Iron deficiency and helminth
infections are two common conditions of children in developing countries. The consequences of helminth
infection in young children are not well described, and the efficacy of low dose
iron supplementation is not well documented in
malaria-endemic settings. A 12-mo randomized, placebo controlled, double-blind trial of 10 mg daily
iron and/or
mebendazole (500 mg) every 3 mo was conducted in a community-based sample of 459 Zanzibari children age 6-71 mo with
hemoglobin > 70 g/L at baseline. The trial was designed to examine treatment effects on growth,
anemia and appetite in two age subgroups.

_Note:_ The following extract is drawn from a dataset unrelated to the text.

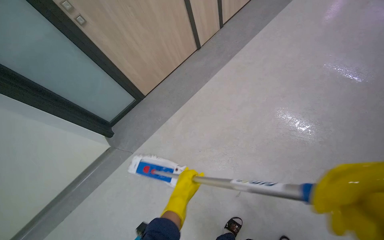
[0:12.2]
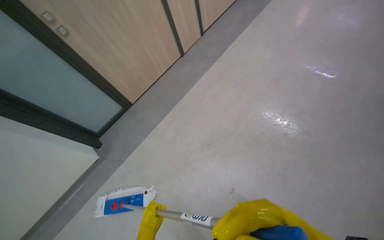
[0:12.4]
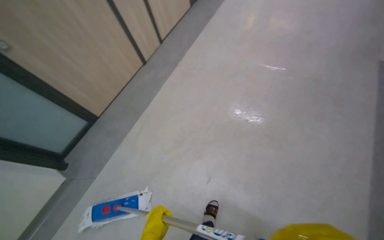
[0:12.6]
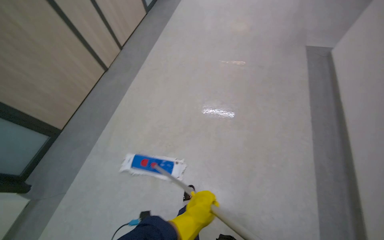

Iron did not affect growth retardation,
hemoglobin concentration or mild or moderate
anemia (
hemoglobin < 110 g/L or < 90 g/L, respectively), but
iron significantly improved serum
ferritin and erythrocyte
protoporphyrin.
Mebendazole significantly reduced wasting
malnutrition. but only in children <30 mo old. The adjusted odds ratios (AORs) for
mebendazole in this age group were 0.38 (95% CI: 0.16, 0.90) for weight-for-height less than -1 Z-score and 0.29 (0.09, 0.91) for small arm circumference. In children <24 mo old,
mebendazole also reduced moderate
anemia (AOR: 0.41, 0.18, 0.94). Both
iron and
mebendazole improved children's appetite, according to mothers' report. In this study,
iron's effect on
anemia was limited, likely constrained by
infection,
inflammation and perhaps other nutrient deficiencies.
Mebendazole treatment caused unexpected and significant reductions in wasting
malnutrition and
anemia in very young children with light
infections. We hypothesize that incident helminth
infections may stimulate inflammatory immune responses in young children, with deleterious effects on
protein metabolism and erythropoiesis.